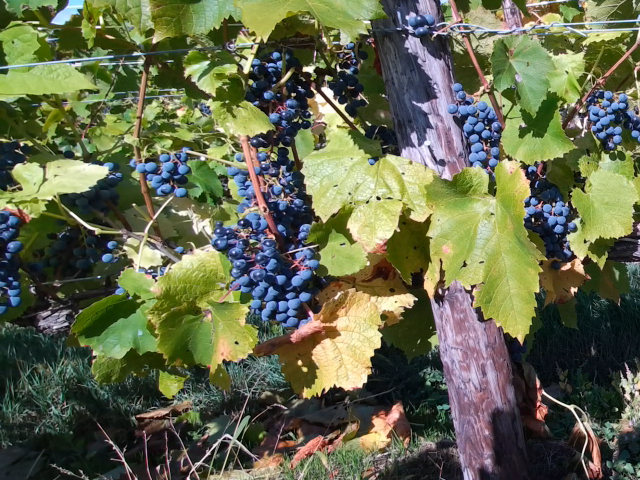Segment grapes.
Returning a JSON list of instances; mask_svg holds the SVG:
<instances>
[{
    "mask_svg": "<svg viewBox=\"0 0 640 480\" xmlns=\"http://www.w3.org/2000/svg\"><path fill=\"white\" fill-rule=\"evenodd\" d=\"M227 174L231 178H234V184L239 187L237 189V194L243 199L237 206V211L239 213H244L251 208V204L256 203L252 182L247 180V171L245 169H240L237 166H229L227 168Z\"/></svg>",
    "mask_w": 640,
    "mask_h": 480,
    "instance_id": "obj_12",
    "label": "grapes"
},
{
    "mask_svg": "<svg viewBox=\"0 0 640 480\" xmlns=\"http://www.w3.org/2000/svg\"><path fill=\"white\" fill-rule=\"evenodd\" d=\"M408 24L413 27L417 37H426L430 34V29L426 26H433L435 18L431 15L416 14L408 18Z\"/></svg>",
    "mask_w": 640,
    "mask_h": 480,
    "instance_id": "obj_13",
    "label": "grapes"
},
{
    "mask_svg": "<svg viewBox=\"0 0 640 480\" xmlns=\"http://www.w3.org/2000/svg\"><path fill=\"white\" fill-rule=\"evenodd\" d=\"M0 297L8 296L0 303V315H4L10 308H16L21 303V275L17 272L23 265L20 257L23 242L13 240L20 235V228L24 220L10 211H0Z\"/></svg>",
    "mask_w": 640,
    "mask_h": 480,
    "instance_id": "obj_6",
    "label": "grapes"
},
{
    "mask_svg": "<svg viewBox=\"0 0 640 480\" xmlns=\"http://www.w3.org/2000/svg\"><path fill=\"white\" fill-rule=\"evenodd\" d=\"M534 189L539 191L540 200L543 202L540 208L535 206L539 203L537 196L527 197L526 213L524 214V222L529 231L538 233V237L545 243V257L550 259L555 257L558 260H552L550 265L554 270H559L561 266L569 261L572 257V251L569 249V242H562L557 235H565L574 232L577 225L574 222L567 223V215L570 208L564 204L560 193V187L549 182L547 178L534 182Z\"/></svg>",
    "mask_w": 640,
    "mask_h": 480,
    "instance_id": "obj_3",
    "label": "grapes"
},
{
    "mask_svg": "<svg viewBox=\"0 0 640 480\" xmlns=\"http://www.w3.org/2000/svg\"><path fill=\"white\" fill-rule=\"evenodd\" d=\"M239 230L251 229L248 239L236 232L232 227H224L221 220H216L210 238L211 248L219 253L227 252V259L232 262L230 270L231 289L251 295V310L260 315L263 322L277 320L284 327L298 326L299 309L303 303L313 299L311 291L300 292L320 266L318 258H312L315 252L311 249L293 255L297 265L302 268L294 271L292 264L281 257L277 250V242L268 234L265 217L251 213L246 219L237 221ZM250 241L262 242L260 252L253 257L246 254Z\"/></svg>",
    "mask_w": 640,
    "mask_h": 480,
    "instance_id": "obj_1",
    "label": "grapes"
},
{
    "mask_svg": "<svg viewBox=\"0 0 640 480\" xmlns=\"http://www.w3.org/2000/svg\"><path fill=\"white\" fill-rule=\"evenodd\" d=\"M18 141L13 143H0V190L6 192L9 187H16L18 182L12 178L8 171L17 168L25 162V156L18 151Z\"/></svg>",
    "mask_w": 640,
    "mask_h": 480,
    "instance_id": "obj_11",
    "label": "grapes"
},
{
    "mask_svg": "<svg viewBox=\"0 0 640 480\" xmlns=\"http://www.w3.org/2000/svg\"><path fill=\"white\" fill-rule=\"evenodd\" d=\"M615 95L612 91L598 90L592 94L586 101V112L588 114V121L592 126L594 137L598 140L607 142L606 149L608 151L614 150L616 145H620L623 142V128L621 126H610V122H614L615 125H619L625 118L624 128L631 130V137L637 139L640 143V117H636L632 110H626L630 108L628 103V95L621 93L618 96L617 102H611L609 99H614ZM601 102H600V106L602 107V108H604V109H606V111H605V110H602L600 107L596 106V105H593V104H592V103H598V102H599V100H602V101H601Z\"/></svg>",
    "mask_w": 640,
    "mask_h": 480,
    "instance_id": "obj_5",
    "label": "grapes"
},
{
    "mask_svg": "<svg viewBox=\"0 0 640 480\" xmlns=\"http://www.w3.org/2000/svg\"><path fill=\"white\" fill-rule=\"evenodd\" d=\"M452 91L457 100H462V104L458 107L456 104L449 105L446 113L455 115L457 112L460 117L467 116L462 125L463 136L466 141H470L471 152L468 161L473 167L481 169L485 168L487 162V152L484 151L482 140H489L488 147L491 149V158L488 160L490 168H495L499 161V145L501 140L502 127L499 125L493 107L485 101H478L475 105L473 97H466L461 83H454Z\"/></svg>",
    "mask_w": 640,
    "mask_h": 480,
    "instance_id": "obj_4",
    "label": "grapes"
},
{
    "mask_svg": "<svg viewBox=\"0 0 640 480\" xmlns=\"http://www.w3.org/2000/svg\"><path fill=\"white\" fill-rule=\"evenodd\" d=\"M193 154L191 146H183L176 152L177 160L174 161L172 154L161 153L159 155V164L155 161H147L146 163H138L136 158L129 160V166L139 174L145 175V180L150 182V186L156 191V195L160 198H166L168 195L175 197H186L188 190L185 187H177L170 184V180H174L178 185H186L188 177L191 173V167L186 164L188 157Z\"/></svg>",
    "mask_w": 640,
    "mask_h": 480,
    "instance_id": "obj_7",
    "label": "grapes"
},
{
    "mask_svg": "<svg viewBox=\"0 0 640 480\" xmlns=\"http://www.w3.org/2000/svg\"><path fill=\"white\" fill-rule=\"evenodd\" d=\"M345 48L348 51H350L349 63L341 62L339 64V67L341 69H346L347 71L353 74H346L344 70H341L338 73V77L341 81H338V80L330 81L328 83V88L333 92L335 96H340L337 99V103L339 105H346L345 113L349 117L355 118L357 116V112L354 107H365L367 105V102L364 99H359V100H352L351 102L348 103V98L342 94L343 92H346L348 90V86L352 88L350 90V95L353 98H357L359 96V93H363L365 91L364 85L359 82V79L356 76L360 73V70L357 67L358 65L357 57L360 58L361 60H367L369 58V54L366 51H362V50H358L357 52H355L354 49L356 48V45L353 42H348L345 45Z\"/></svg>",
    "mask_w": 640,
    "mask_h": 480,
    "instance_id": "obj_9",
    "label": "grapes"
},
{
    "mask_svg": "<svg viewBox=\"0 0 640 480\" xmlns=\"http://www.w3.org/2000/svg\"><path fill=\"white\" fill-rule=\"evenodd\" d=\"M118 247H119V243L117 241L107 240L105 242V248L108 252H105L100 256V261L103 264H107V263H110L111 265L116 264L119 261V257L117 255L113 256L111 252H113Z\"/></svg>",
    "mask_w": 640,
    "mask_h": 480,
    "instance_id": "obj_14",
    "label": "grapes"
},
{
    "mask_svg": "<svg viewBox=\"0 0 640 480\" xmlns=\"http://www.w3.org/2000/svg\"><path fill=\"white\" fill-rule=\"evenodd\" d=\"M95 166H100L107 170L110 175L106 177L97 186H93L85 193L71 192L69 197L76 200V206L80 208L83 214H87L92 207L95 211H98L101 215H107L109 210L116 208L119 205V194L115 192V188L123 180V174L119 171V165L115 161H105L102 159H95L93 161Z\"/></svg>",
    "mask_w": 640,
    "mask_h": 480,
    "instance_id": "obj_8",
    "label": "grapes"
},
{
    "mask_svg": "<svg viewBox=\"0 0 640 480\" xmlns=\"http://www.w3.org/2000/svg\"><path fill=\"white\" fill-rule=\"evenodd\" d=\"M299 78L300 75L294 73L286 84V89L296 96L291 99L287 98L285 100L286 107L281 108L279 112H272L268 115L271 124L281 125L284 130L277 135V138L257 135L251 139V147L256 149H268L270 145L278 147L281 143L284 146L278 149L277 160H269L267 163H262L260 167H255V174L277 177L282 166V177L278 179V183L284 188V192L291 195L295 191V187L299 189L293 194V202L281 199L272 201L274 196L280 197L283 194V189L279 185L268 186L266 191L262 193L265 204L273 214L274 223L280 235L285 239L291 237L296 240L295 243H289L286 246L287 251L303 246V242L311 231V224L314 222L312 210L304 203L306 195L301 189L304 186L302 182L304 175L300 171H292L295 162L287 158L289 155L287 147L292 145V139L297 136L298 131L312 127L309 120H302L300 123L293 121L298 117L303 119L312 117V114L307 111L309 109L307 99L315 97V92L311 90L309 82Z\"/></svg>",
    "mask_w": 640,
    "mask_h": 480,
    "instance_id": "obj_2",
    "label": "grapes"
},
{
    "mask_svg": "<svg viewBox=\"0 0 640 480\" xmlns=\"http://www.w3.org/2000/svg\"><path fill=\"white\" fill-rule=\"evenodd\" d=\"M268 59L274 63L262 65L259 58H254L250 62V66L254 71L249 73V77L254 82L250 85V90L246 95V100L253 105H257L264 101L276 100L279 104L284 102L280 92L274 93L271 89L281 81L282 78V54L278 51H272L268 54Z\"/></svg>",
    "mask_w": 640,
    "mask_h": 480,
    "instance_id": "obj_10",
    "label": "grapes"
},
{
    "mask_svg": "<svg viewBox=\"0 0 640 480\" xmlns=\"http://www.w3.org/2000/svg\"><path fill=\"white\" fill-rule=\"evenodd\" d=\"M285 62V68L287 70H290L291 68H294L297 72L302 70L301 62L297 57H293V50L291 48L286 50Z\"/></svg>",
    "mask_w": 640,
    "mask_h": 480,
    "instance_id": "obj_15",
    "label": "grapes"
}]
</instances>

★ ★ ★ ★ ★

• ASSIGNED TASK:
Copy every line of the listing where the word "instances" appears.

• RESULT FOR THIS EXERCISE:
Returning a JSON list of instances; mask_svg holds the SVG:
<instances>
</instances>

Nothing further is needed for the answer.